• Work required
Every word in the data below belongs in your copy, exactly as given; the pictures do not.

::: Data under study

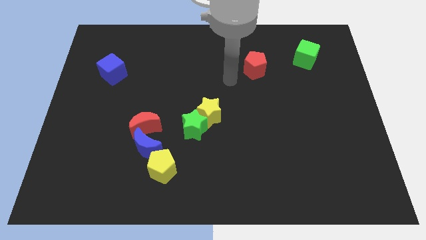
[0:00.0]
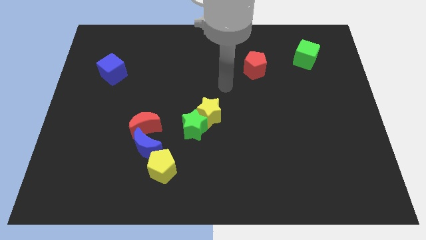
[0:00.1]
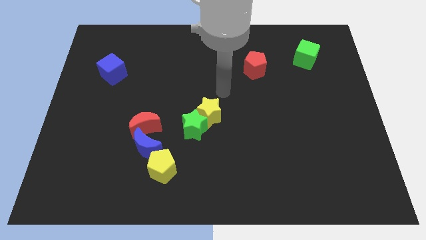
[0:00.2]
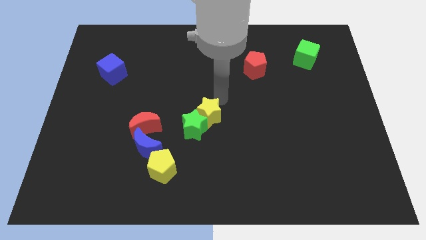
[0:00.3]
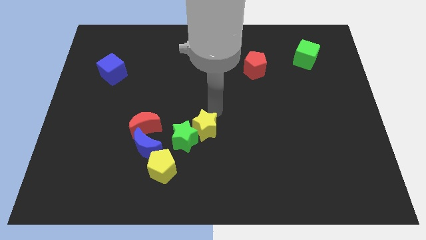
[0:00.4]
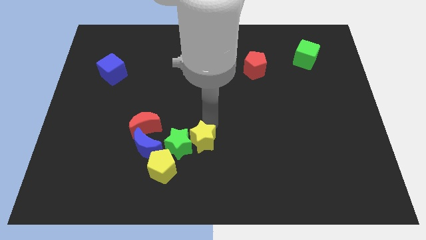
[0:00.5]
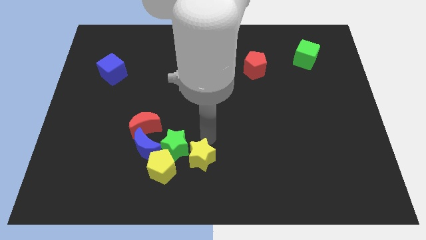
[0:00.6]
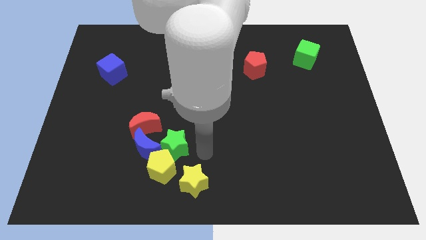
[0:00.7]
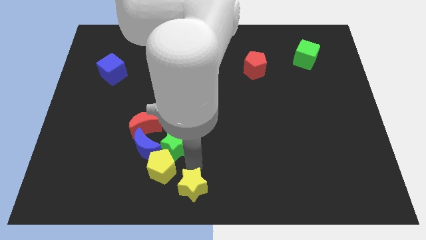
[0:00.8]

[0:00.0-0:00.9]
separate the green star from the yellow star

::::::

• Answer to this exercise
[0:00.0]
[0:00.1]
[0:00.2]
[0:00.3]
[0:00.4]
[0:00.5]
[0:00.6]
[0:00.7]
[0:00.8]

[0:00.0-0:00.9]
separate the green star from the yellow star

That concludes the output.